Each module within the module-integration can be a complete module for lifting independently, or can be a segmentation module through “cutting” the pre-designed integration-module into multiple temporary modules. Each segmentation module is provided with a temporary connection structure required for prefabrication and lifting, so that the segmentation module forms a complete temporary frame structure to ensure that the segmentation module can be independently lifted. The temporary connection structure shall be dismantled after the completion of the module-integration construction.
The gap connection 3 comprises: beams/girders, stiffeners needed to connect the circumjacent deck around the skylight opening of the barrel topmost deck and the module-integration bottom deck, as well as a flat plate to fill the on-site closing gap, so that the module-integration bottom deck and the barrel topmost deck are integrated and combined as two in one, jointly forming an integrated and combined platform deck with a same top surface elevation. Finally, one or more non-module typed and individual equipment and/or devices, if any, are installed on the barrel deck, then remove all temporary support structures and/or temporary connection structures to complete the construction of the entire platform.
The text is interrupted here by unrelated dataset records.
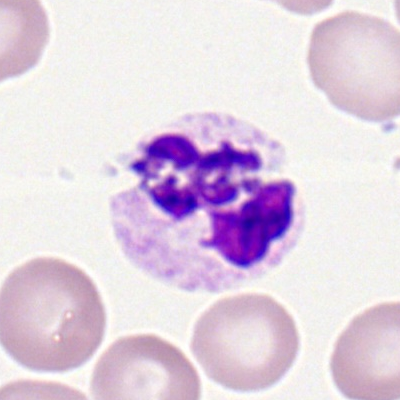 Q: What type of cell is this?
A: A polymorphonuclear neutrophil.
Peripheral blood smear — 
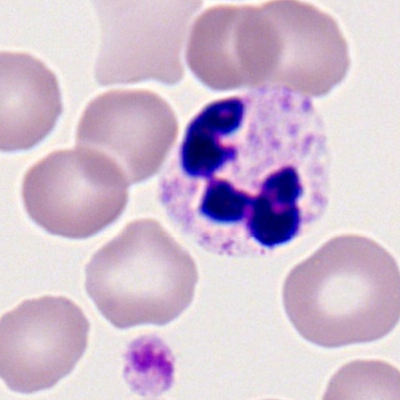
Impression → polymorphonuclear neutrophil.
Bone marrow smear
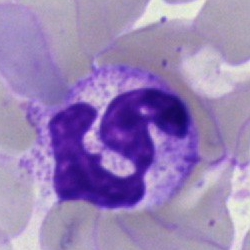 Specimen: bone marrow smear.
Classification: neutrophil (segmented).
Lineage: myeloid.
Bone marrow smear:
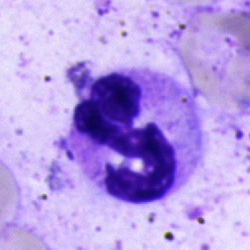Classification: neutrophil (segmented).
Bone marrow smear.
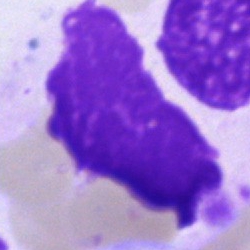Artifact.
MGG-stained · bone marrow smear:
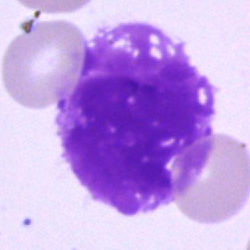 Specimen: bone marrow aspirate smear.
Cell: artifact.
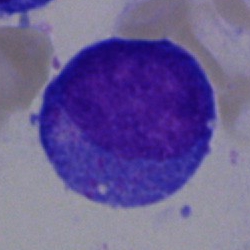 Cell: undifferentiated blast.
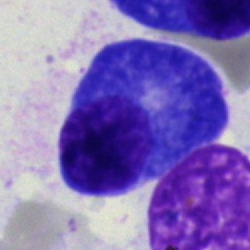 Q: What cell is this?
A: A plasmacyte.
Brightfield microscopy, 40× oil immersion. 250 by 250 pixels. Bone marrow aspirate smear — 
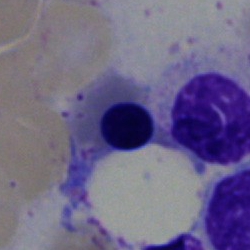Classification — nucleated red blood cell.
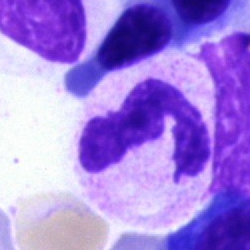Single cell identified as a segmented neutrophil.
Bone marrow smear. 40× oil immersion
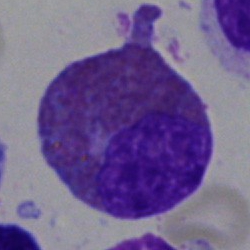 Eosinophil.
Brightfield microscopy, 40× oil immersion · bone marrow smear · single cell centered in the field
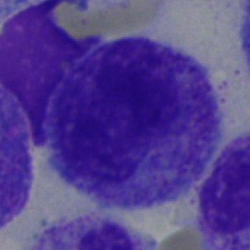The cell shown is a myelocyte.
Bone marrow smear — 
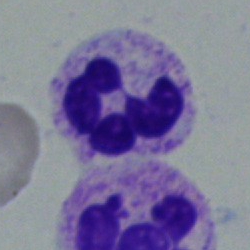This is a segmented neutrophil.
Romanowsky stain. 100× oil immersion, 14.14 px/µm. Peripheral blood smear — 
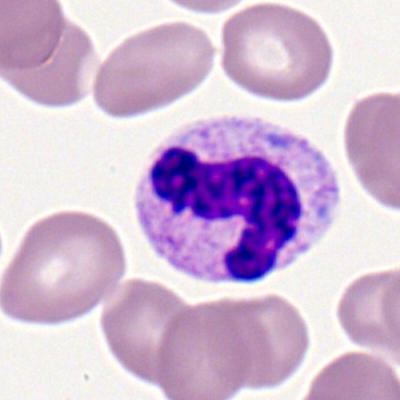

Single cell identified as a polymorphonuclear neutrophil.
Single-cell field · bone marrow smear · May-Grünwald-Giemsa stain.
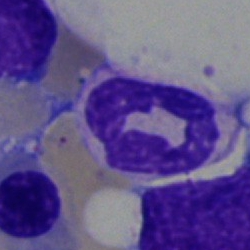 Q: What cell is this?
A: This is a segmented neutrophil.
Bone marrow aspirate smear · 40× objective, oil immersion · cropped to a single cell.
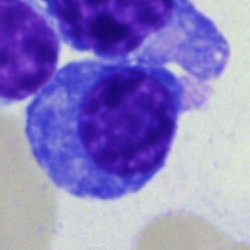
Morphology consistent with a plasmacyte.
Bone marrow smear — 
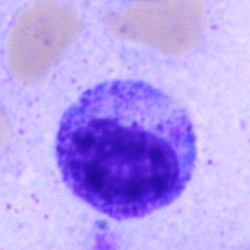Specimen: bone marrow aspirate smear.
Classification: myelocyte.
Lineage: myeloid.
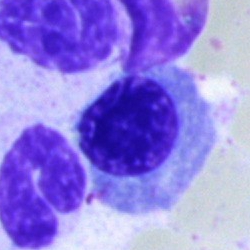A nucleated red blood cell on a bone marrow smear.
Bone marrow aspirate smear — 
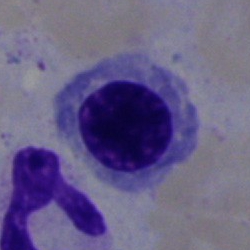
A nucleated red blood cell.
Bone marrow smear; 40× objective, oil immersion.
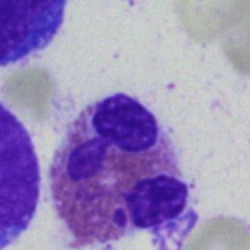 Cell = eosinophil.
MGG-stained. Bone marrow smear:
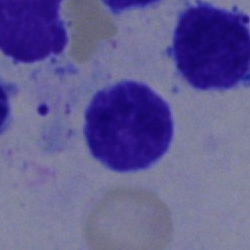 Showing a typical lymphocyte.
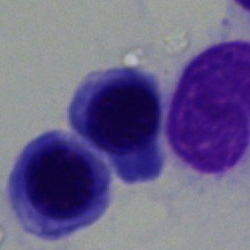Bone marrow aspirate smear, single cell — normoblast.
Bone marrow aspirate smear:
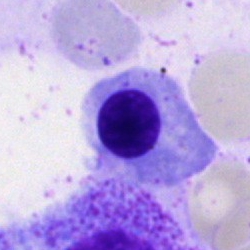 Cell: erythroblast.
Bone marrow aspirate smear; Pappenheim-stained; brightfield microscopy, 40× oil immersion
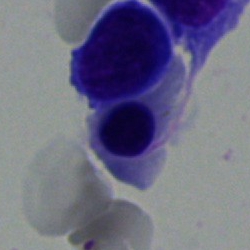Nucleated red blood cell.
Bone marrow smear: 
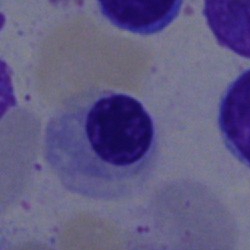Specimen: bone marrow aspirate smear.
Classification: nucleated red cell.
Lineage: erythroid.
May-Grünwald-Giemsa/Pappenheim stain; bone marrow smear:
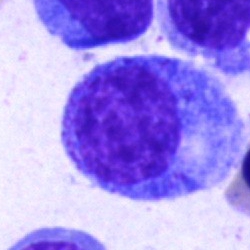

Q: What is the morphological classification of this cell?
A: It is a promyelocyte.
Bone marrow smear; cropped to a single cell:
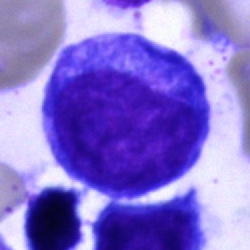

A progranulocyte.
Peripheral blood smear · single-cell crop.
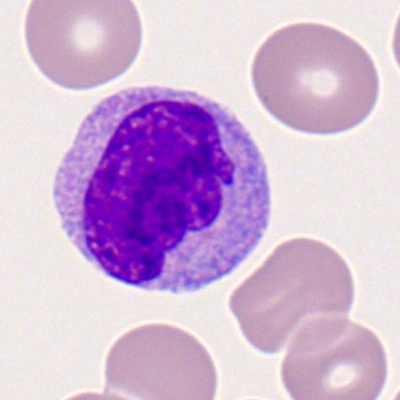

A monocyte.
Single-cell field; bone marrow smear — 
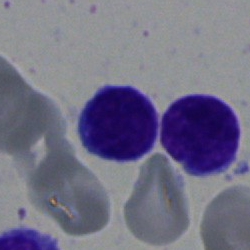The cell shown is a lymphocyte.
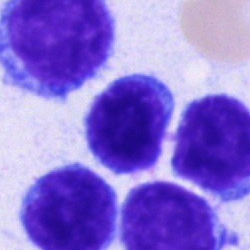
The cell shown is a typical lymphocyte.
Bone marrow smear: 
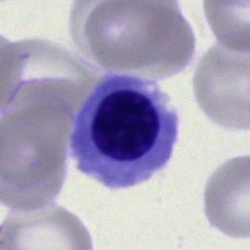
Nucleated red blood cell.
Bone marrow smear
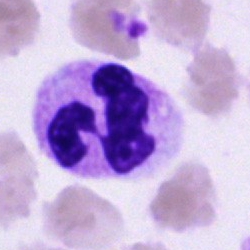 {"cell_type": "segmented neutrophil"}
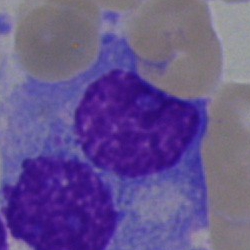
Impression — plasmacyte.
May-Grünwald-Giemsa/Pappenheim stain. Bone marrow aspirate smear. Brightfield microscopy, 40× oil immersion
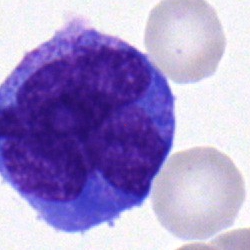
Cell type = monocyte.
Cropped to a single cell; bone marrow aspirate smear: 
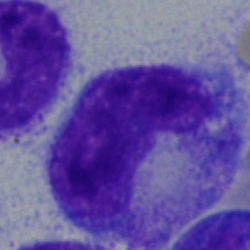
This is a metamyelocyte.
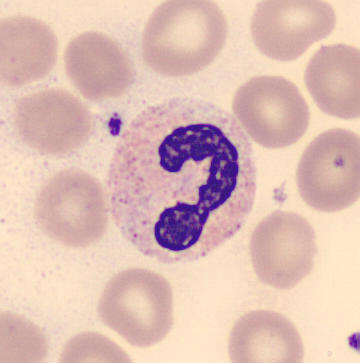

Classification: neutrophil (segmented).

Acquisition: Peripheral blood smear · MGG stain · image size 360×363.
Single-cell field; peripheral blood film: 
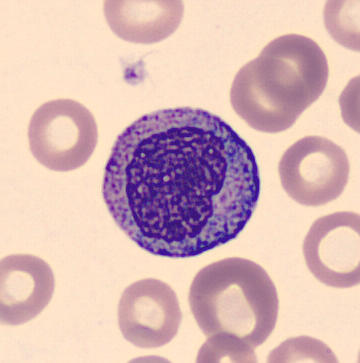 Classification: progranulocyte.
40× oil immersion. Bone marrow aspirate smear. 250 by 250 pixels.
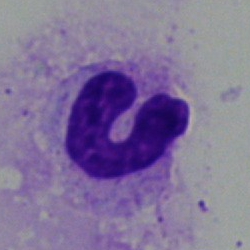

Single cell identified as a neutrophil (band).
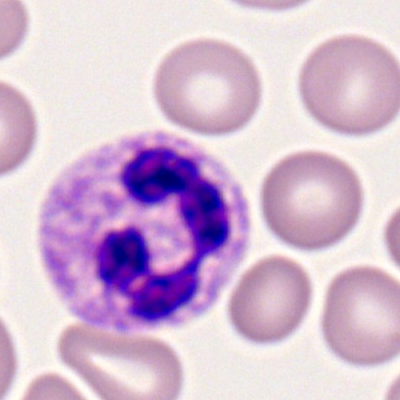Impression — neutrophil (segmented).
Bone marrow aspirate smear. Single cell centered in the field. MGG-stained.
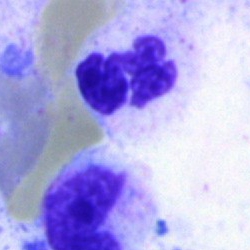 This is a polymorphonuclear neutrophil.
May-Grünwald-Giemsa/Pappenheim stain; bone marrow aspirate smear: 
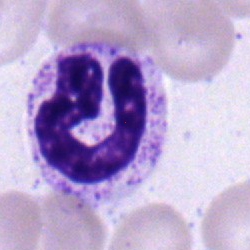

Classification — segmented neutrophil.
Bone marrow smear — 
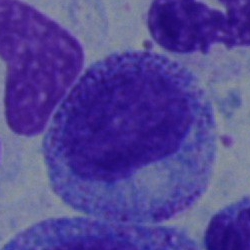

Myelocyte.
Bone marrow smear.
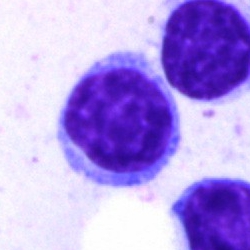Specimen: bone marrow smear.
Morphological class: lymphocyte.
Lineage: lymphoid.
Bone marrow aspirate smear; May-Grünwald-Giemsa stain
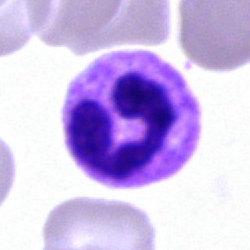Q: What cell is this?
A: This is a segmented neutrophil.
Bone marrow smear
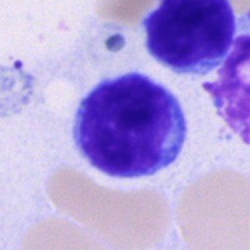Classification = typical lymphocyte.
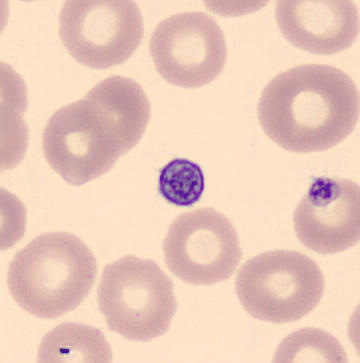The morphological class is thrombocyte. Preparation: Peripheral blood smear.
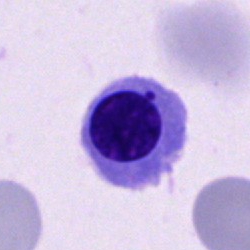

Q: Identify the cell.
A: Normoblast.
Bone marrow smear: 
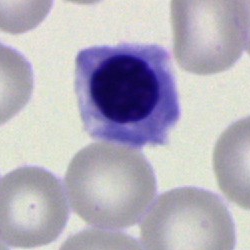{"cell_type": "nucleated red blood cell"}
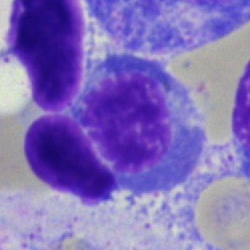

A nucleated red cell.
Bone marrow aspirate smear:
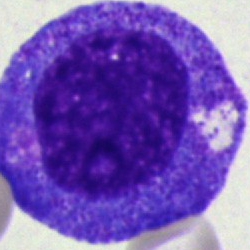

Specimen: bone marrow smear.
Classification: progranulocyte.
Lineage: myeloid.
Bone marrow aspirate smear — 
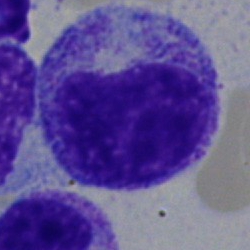

Specimen: bone marrow smear.
Morphological class: myelocyte.
Lineage: myeloid.
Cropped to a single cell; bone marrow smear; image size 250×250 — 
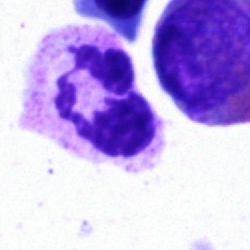

The cell is polymorphonuclear neutrophil.
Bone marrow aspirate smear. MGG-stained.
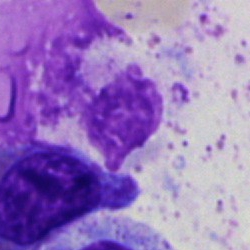 Showing an artifact.
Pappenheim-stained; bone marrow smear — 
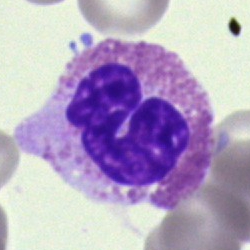A neutrophil (segmented).
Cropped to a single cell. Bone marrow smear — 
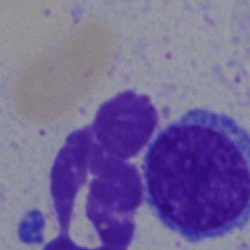The classification is typical lymphocyte.
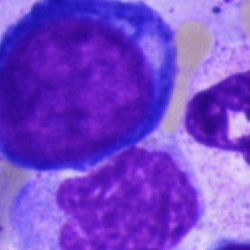

Specimen: bone marrow smear.
Cell type: proerythroblast.
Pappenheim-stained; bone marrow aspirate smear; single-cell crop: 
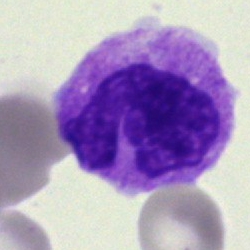
Q: What is shown here?
A: It is a neutrophil (segmented).
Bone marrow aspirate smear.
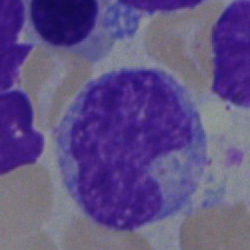
The cell shown is a monocyte.
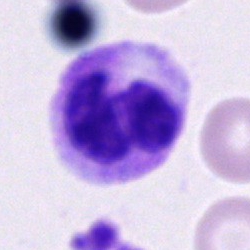Showing a neutrophil (segmented).
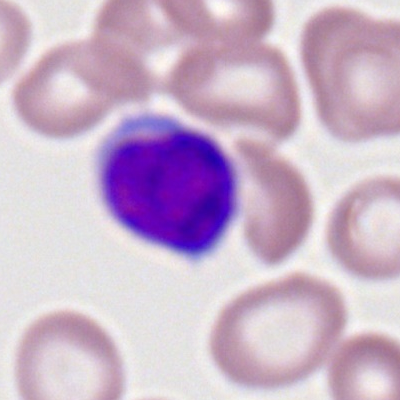 Q: What is shown here?
A: This is a lymphocyte.
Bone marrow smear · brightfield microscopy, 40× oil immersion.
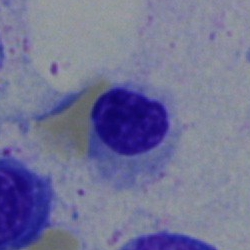 Morphology consistent with a nucleated red cell.
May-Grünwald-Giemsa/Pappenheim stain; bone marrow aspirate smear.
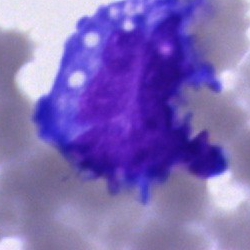Morphology — blast.
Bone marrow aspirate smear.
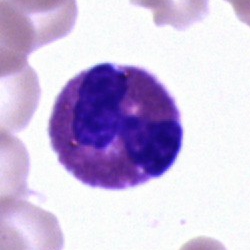

Cell type = eosinophil.
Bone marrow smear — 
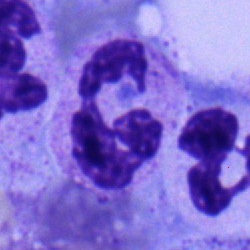 Cell: polymorphonuclear neutrophil.
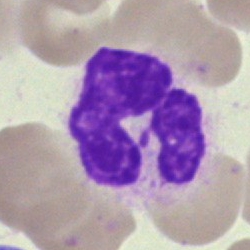Morphological class: neutrophil (segmented).
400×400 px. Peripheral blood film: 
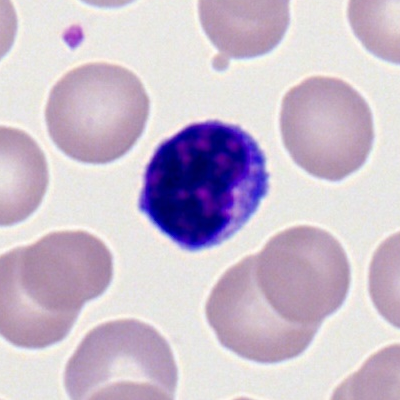
Typical lymphocyte.
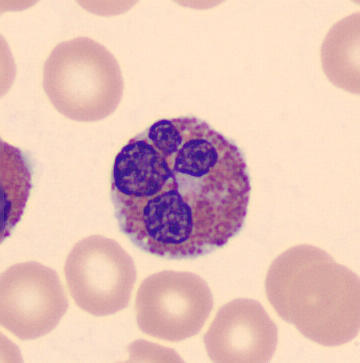

Preparation: Single-cell crop; peripheral blood smear.
Morphology consistent with an eosinophil.
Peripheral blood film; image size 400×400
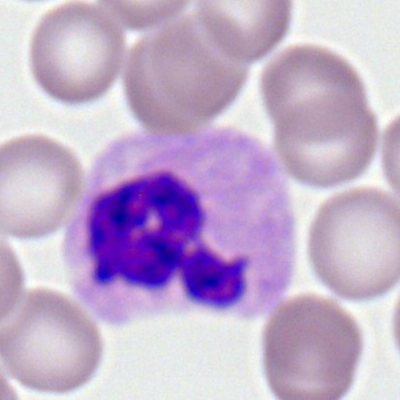Cell: polymorphonuclear neutrophil.
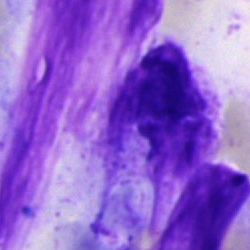
The cell shown is an artefact.
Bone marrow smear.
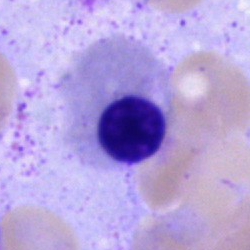Morphology → normoblast.
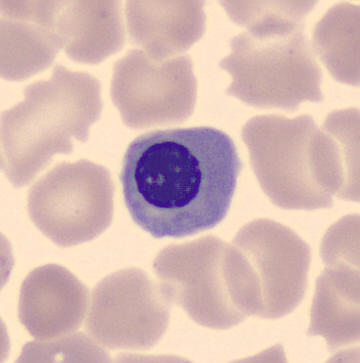

Image: Peripheral blood film. Single-cell field.
Q: What is shown here?
A: A nucleated red blood cell.
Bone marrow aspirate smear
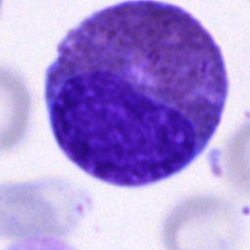This is an eosinophil.
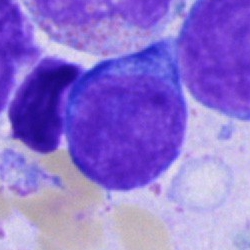A blast.
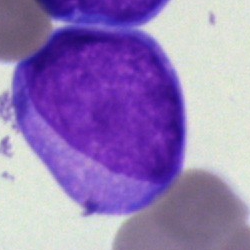

Morphological class: blast.
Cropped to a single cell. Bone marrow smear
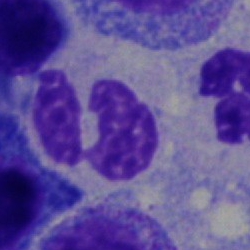

Single cell identified as a segmented neutrophil.
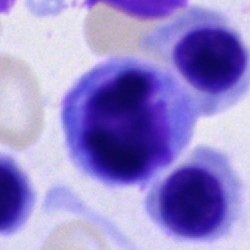 Impression — unidentifiable cell.
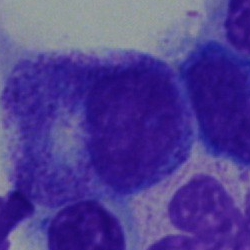 Q: What cell is this?
A: It is a promyelocyte.
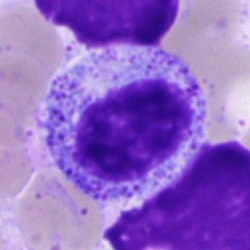 Impression → myelocyte.
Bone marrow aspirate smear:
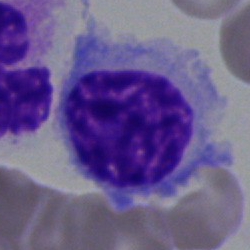
Q: What is shown here?
A: This is a hairy cell.
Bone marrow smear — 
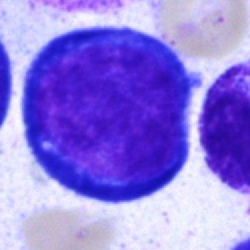 This is a proerythroblast.
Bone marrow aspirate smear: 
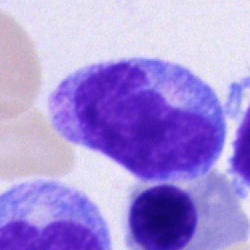 Specimen: bone marrow aspirate smear.
Cell type: monocyte.
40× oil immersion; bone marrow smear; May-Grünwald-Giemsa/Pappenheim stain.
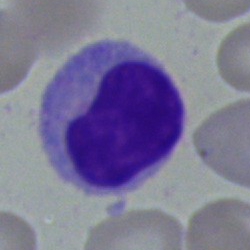Cell type: monocyte.
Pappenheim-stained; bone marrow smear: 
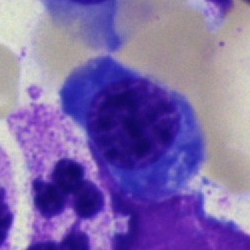

This is a nucleated red blood cell.
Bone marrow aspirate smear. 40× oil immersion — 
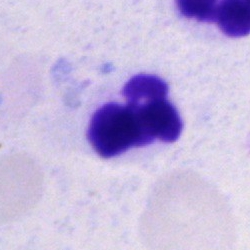 This is a polymorphonuclear neutrophil.
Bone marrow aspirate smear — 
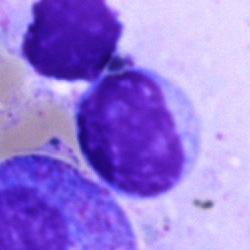 Morphology consistent with a typical lymphocyte.

Under the principle of integrated overall design of the platform of the invention, the barrel designer and the topsides designer shall have a unified overall planning, work-division and interface cooperation, and organic transmission/connection so as to finally realize the optimized structural design of the entire platform. Compared with the structure design/construction method for the current column platform, the present invention overcomes its shortcomings, realizes the design optimization and construction installation program optimization, especially the optimization of the overall structure, the bending stiffness of the integral structure of barrel and topsides is very high, the force transmission paths of the support structures under topsides are concise and clear; the module-integration bottom deck and the barrel topmost deck are combined as two in one; the amount of steel is reduced notably, and the center of gravity of the topsides descends slightly at the same time; The adjacent module decks are connected, passageways and stairways are designed in a unified way for entire module-integration to realize the sharing of structure and space, which is conducive to inspection, maintenance, material transport, life-saving and escape, and improves the safety of production operation, as well as easy to build; Finally, it will reduce the construction cost, construction time schedule and production operation cost of the platform.